Photo Credit: @theabingdontaxi / Twitter

[ACNS] Adventword – the online global advent social media photo initiative being run by the Society of St John the Evangelist (SSJE) and the Anglican Communion Office is underway, with Anglicans around the world posting images on Twitter and Instagram in response to themes suggested by the Society.

People who sign up to Adventword receive an early morning email from SSJE containing an Advent reflection and a theme. Participants are then encouraged to post an image which reflects that theme using the hashtag #Adventword and the theme of the day.

Sunday’s theme was “WakeUp” and today’s is “Proclaim”. The SSJE said in a tweet that they hope the initiative will create “a tsunami of photo and prayer.”
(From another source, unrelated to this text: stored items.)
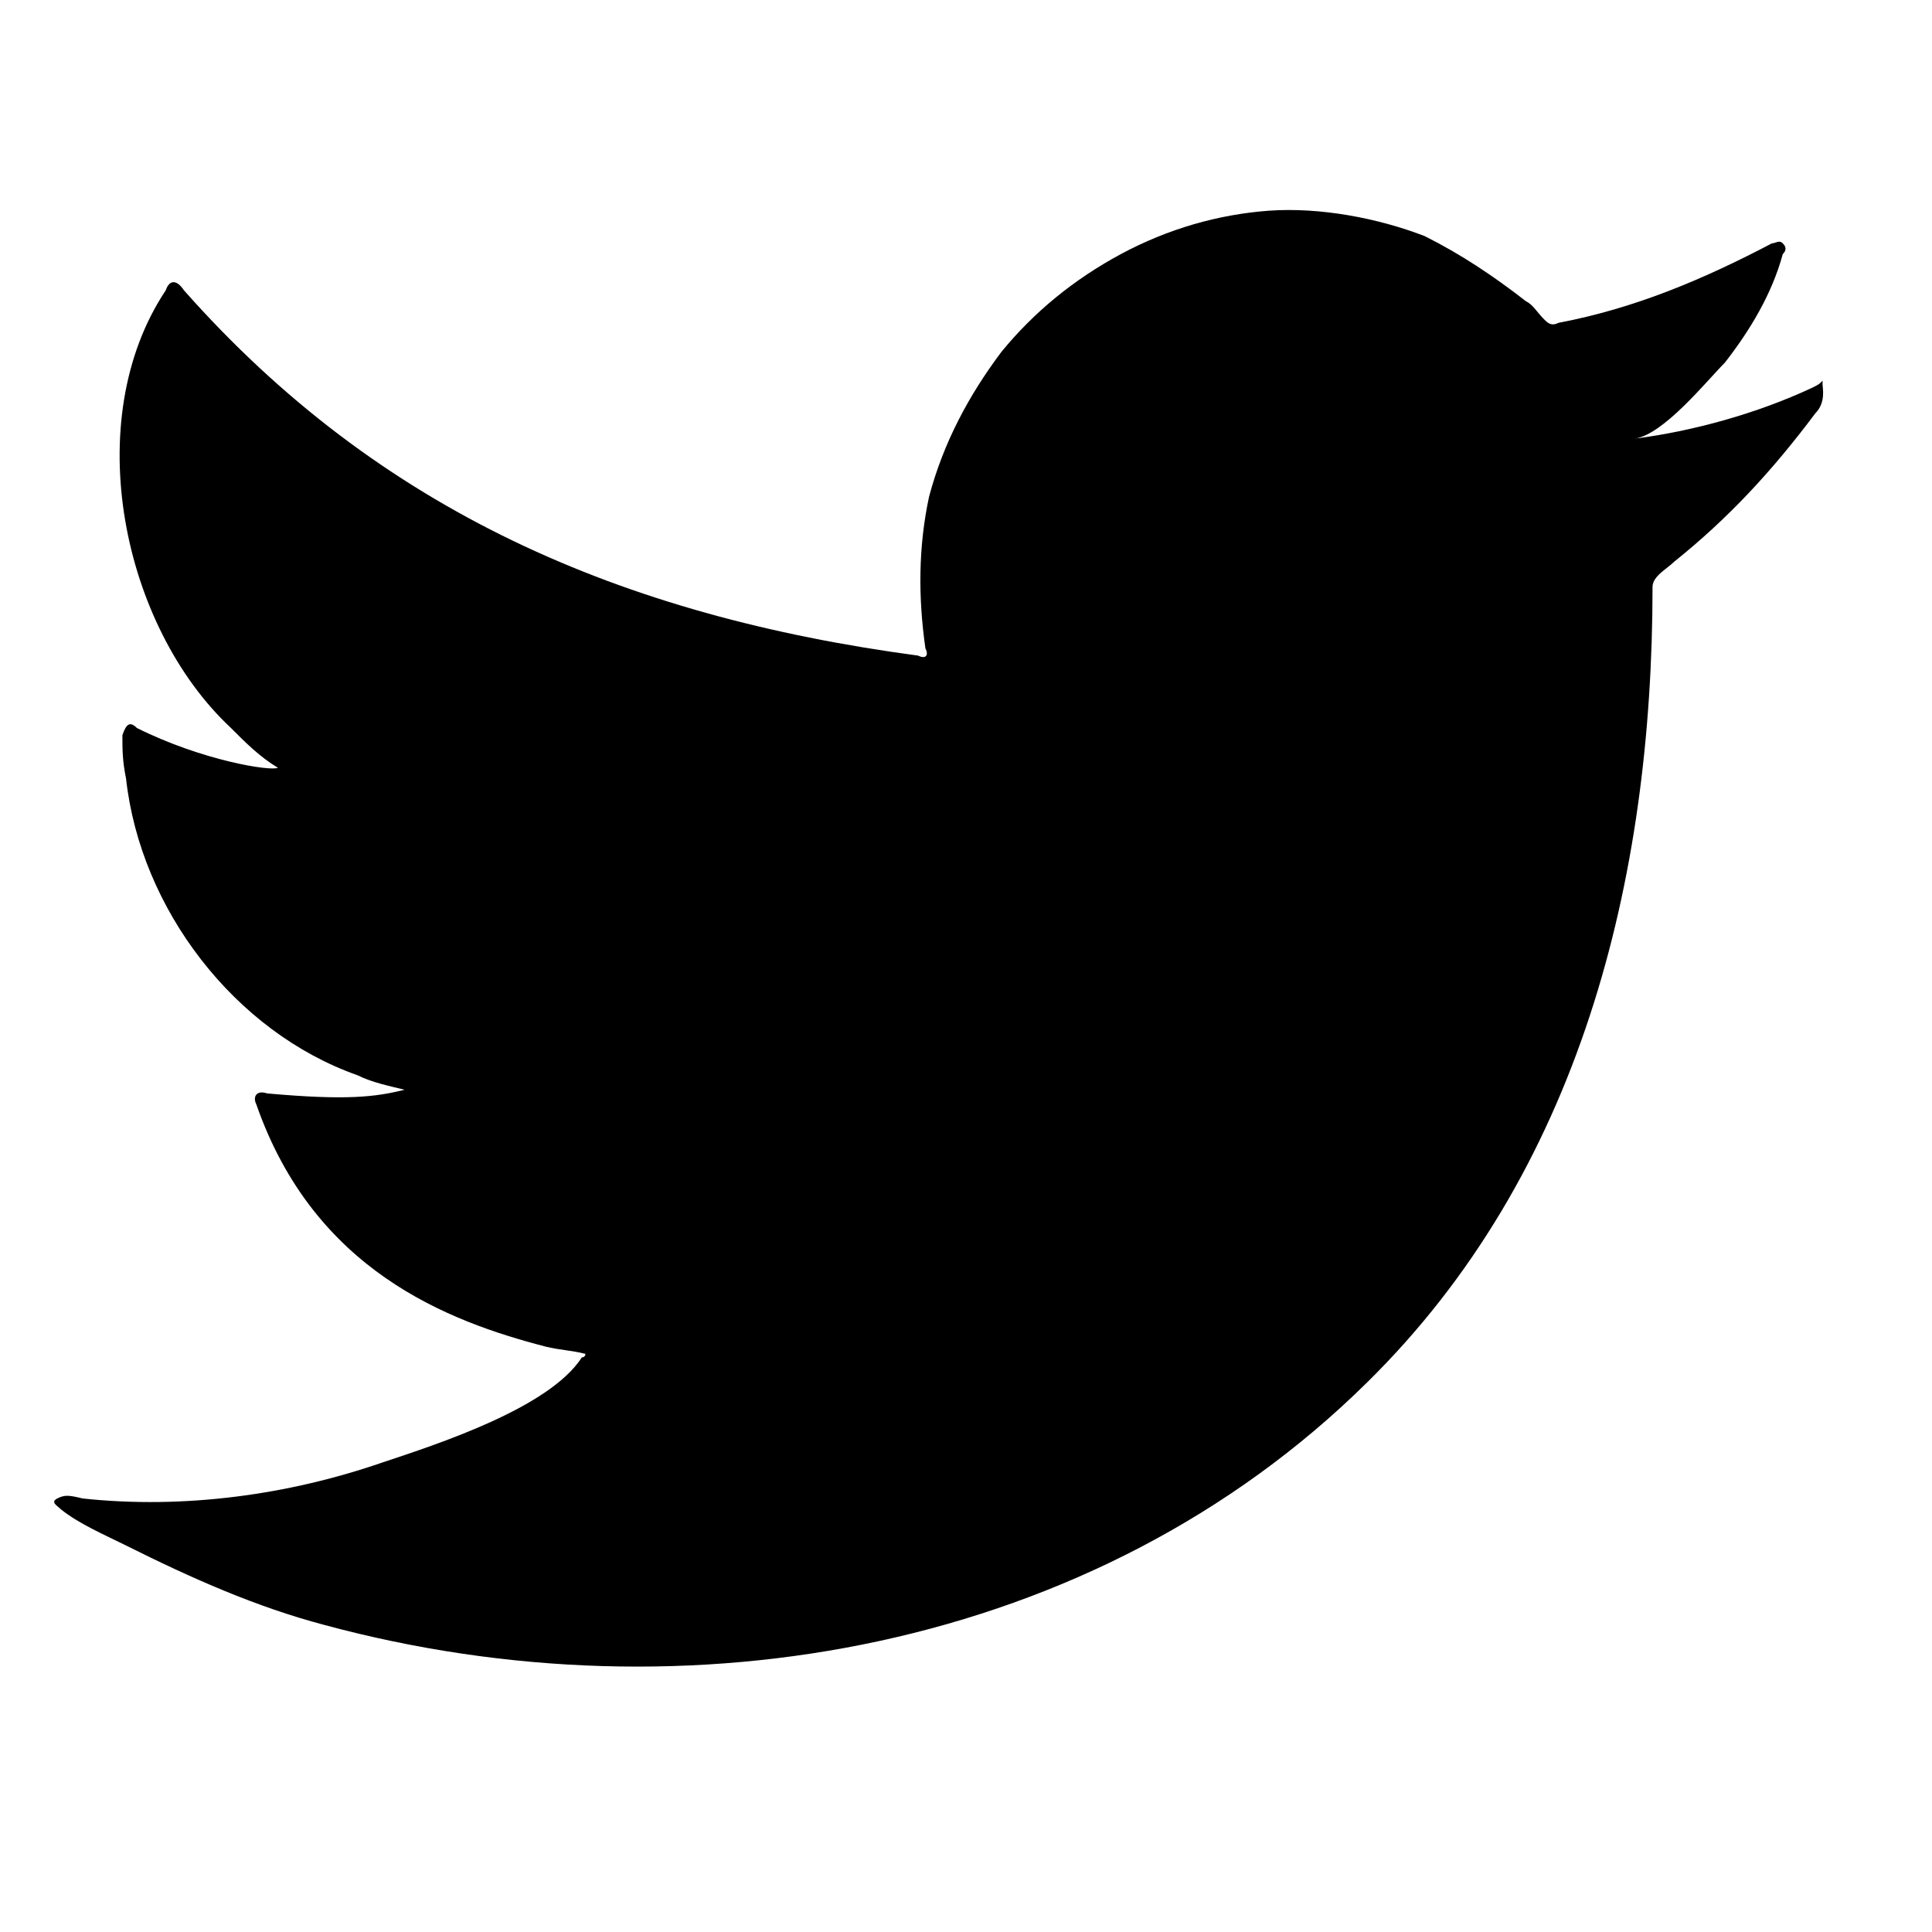 <svg width="20" height="20" viewBox="0 0 20 20" fill="none" xmlns="http://www.w3.org/2000/svg">
<g clip-path="url(#clip0)">
<path d="M18.755 4.016C18.193 4.279 17.519 4.466 16.92 4.541C17.219 4.503 17.669 3.941 17.856 3.754C18.118 3.417 18.343 3.043 18.455 2.631C18.493 2.593 18.493 2.556 18.455 2.519C18.418 2.481 18.38 2.519 18.343 2.519C17.631 2.893 16.92 3.193 16.133 3.342C16.058 3.38 16.021 3.342 15.984 3.305C15.909 3.23 15.871 3.155 15.796 3.118C15.459 2.856 15.122 2.631 14.748 2.444C14.261 2.256 13.662 2.144 13.138 2.181C12.613 2.219 12.089 2.369 11.602 2.631C11.116 2.893 10.704 3.23 10.367 3.642C10.03 4.091 9.768 4.578 9.618 5.14C9.505 5.664 9.505 6.188 9.58 6.713C9.618 6.787 9.58 6.825 9.505 6.787C6.435 6.376 3.926 5.29 1.904 3.005C1.829 2.893 1.754 2.893 1.716 3.005C0.818 4.353 1.267 6.488 2.391 7.536C2.54 7.686 2.69 7.836 2.877 7.948C2.802 7.986 2.091 7.873 1.417 7.536C1.342 7.461 1.305 7.499 1.267 7.611C1.267 7.761 1.267 7.873 1.305 8.061C1.454 9.409 2.428 10.682 3.701 11.131C3.851 11.206 4.038 11.244 4.188 11.281C3.888 11.356 3.589 11.393 2.765 11.319C2.653 11.281 2.615 11.356 2.653 11.431C3.252 13.153 4.637 13.678 5.648 13.94C5.798 13.977 5.91 13.977 6.06 14.015C6.06 14.052 6.023 14.052 6.023 14.052C5.686 14.576 4.525 14.951 3.963 15.138C2.99 15.475 1.904 15.625 0.855 15.512C0.705 15.475 0.668 15.475 0.593 15.512C0.518 15.55 0.593 15.587 0.631 15.625C0.818 15.775 1.08 15.887 1.305 15.999C1.979 16.336 2.653 16.636 3.364 16.823C7.109 17.834 11.34 17.085 14.149 14.314C16.358 12.142 17.107 9.109 17.107 6.076C17.107 5.964 17.257 5.889 17.332 5.814C17.893 5.364 18.343 4.878 18.792 4.279C18.904 4.166 18.867 4.016 18.867 3.979V3.941C18.83 3.979 18.83 3.979 18.755 4.016Z" fill="black"/>
<path d="M2.738 25.395C5.714 25.395 2.857 25.395 2.738 25.395C3.135 25.395 2.698 25.395 2.738 25.395ZM2.738 25.395C2.698 25.395 2.143 25.395 2.738 25.395C2.738 25.395 2.619 25.395 2.738 25.395ZM3.928 25.435C3.928 25.356 4.563 25.435 3.928 25.435C3.928 25.395 4.008 25.435 3.928 25.435ZM16.467 -3.611C16.427 -3.571 16.388 -3.571 16.308 -3.611C16.348 -3.611 16.427 -3.611 16.467 -3.611Z" fill="#333033"/>
</g>
<defs>
<clipPath id="clip0">
<rect width="19.84" height="19.84" fill="white"/>
</clipPath>
</defs>
</svg>

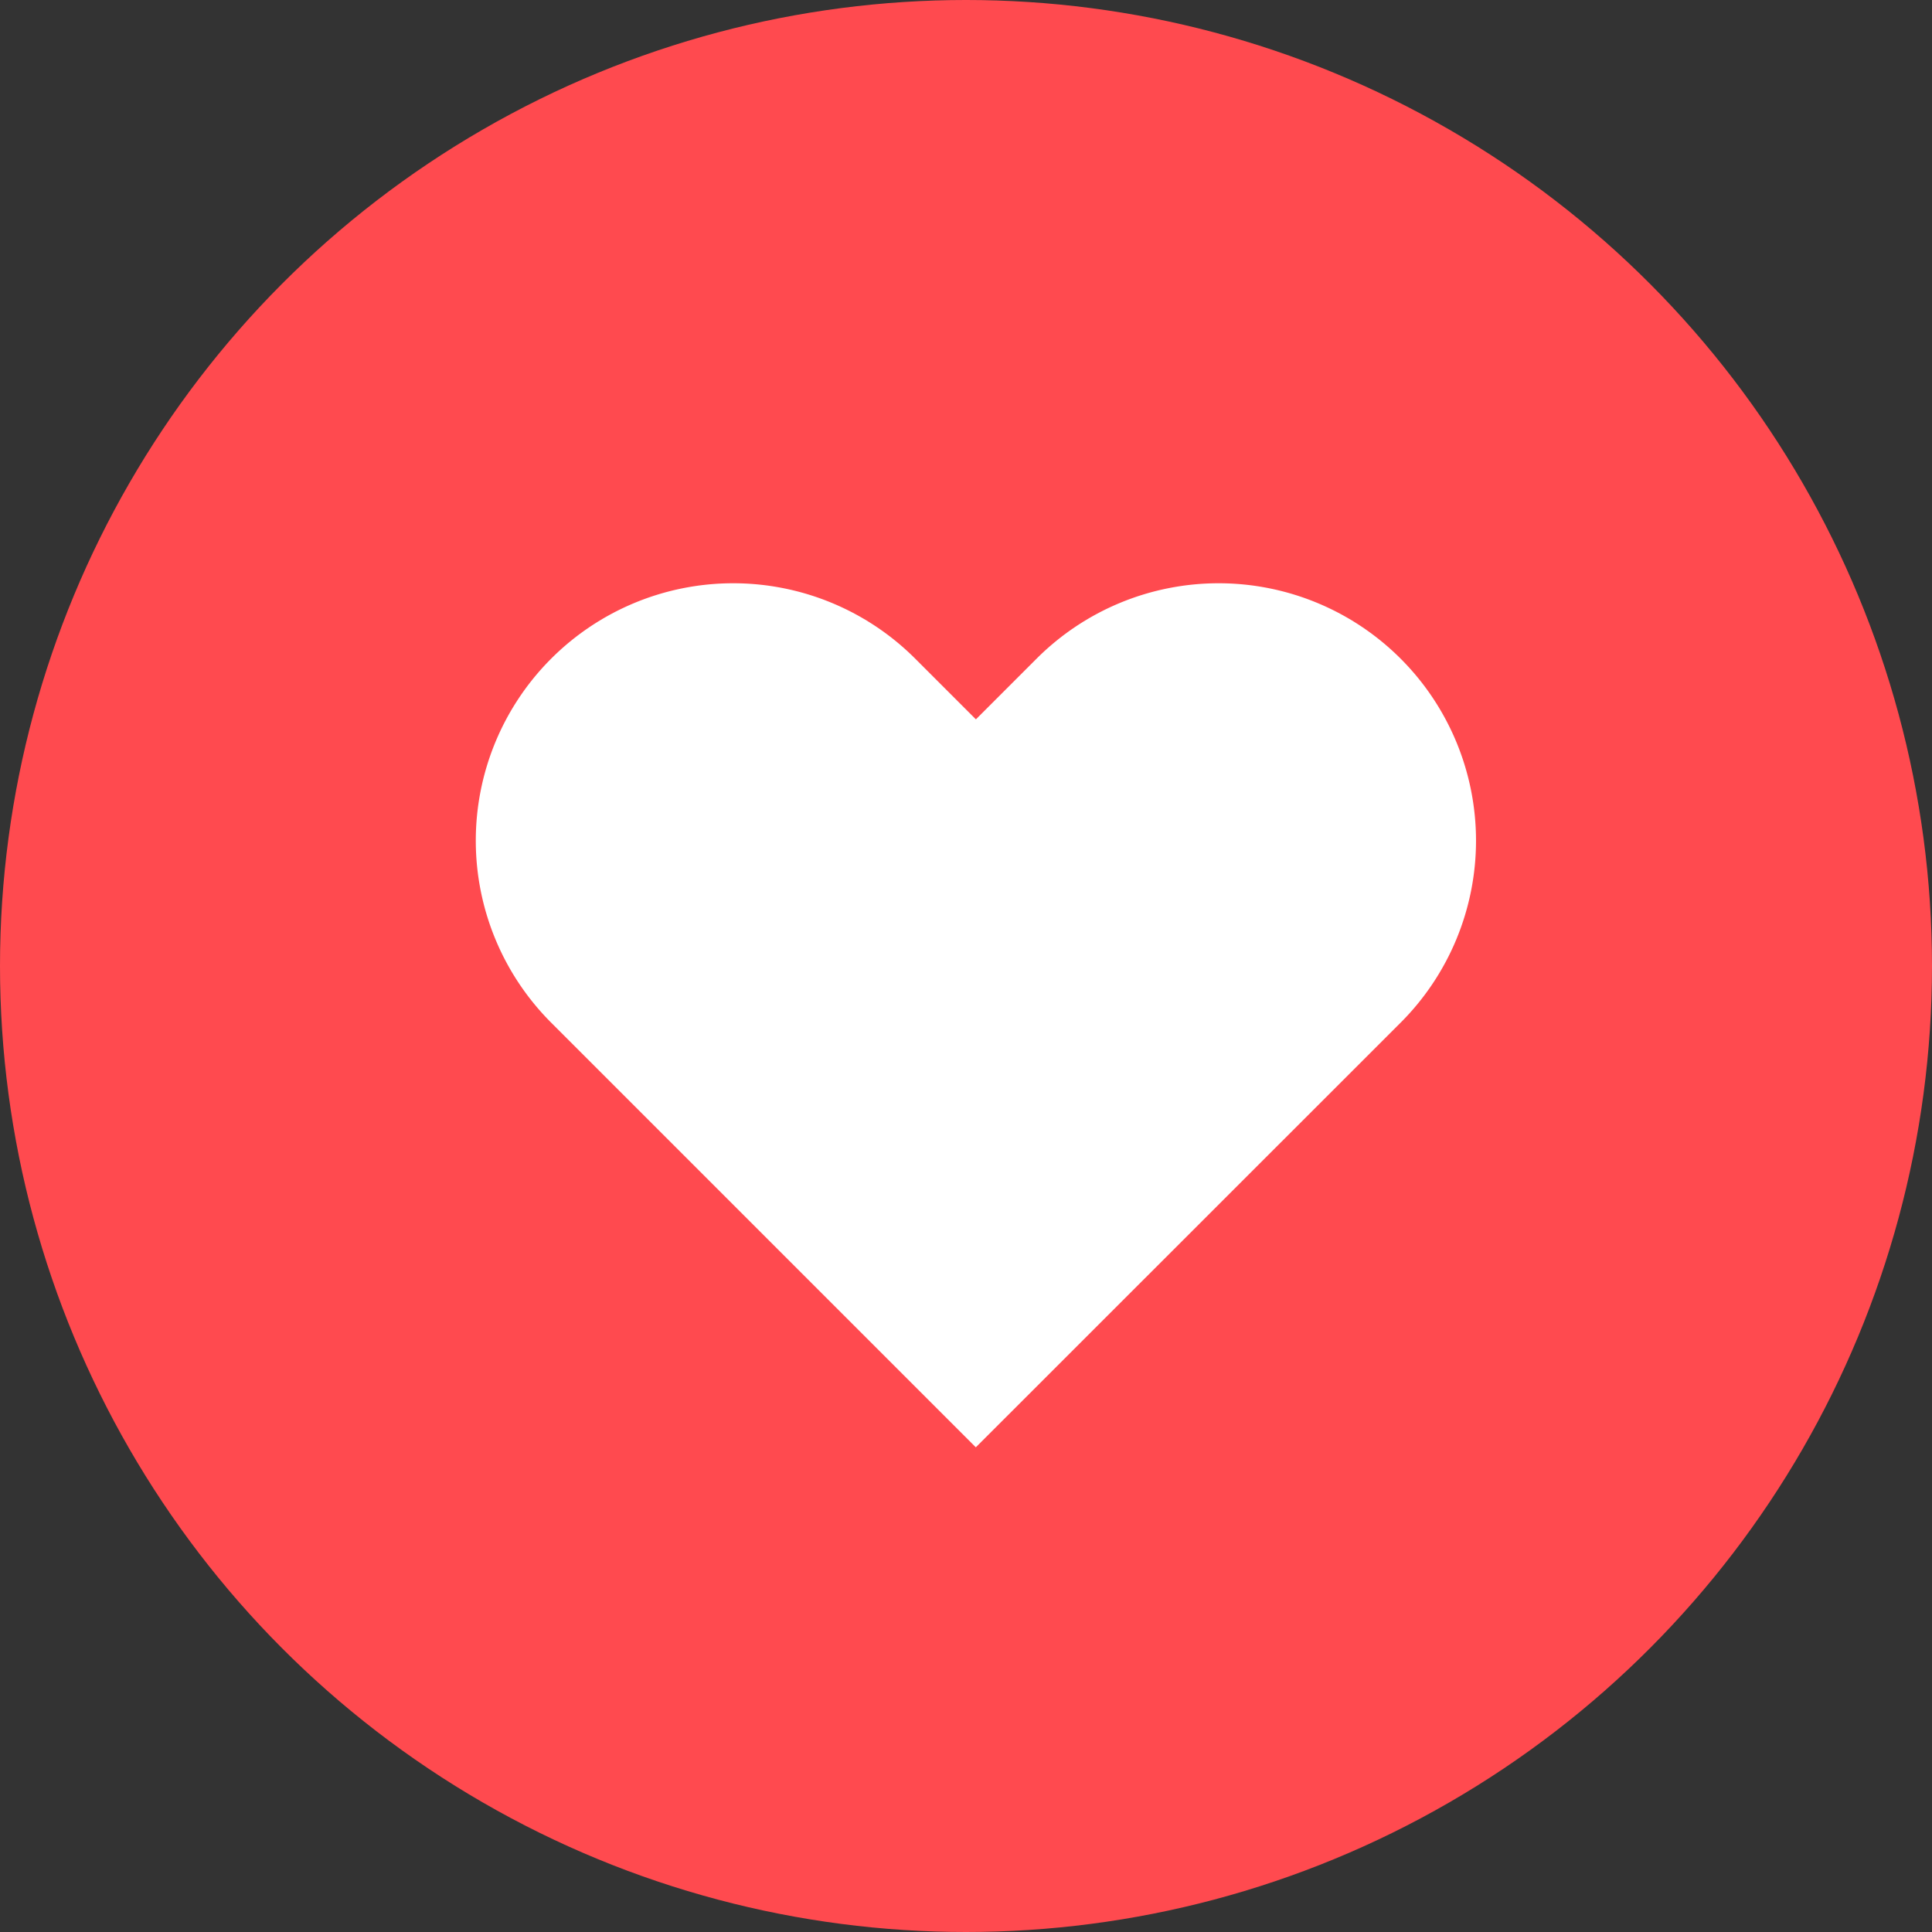 <svg id="Layer_1" data-name="Layer 1" xmlns="http://www.w3.org/2000/svg" viewBox="0 0 24 24"><rect x="0" y="0" width="24" height="24" fill="#333333" stroke="none"/><defs><style>.cls-1{fill:#ff4a4f;}.cls-2{fill:#fff;fill-rule:evenodd;}</style></defs><title>icn_maternal_health</title><circle class="cls-1" cx="12" cy="12" r="12"/><path class="cls-2" d="M12.122,17.979,6.847,12.704a3.197,3.197,0,0,1,4.522-4.522l.754.754.754-.754a3.197,3.197,0,0,1,4.522,4.522Z"/></svg>

In response to today’s theme, Twitter user @theabingdontaxi posted a picture of the dome at the Shepherd’s fields in Bethlehem with the words: “With Th’ Angelic Host #Proclaim
#AdventWord 2015 Fields of The Shepherds, Palestine

Canon Jamie Callaway, the general secretary of the Colleges and Universities of the Anglican Communion, whose students are participating on five continents noted: “Advent Word intuitively draws on the cell phone, which today’s students globally have made a body part, to discover God’s presence in the abundance of creation, civilization and humanity.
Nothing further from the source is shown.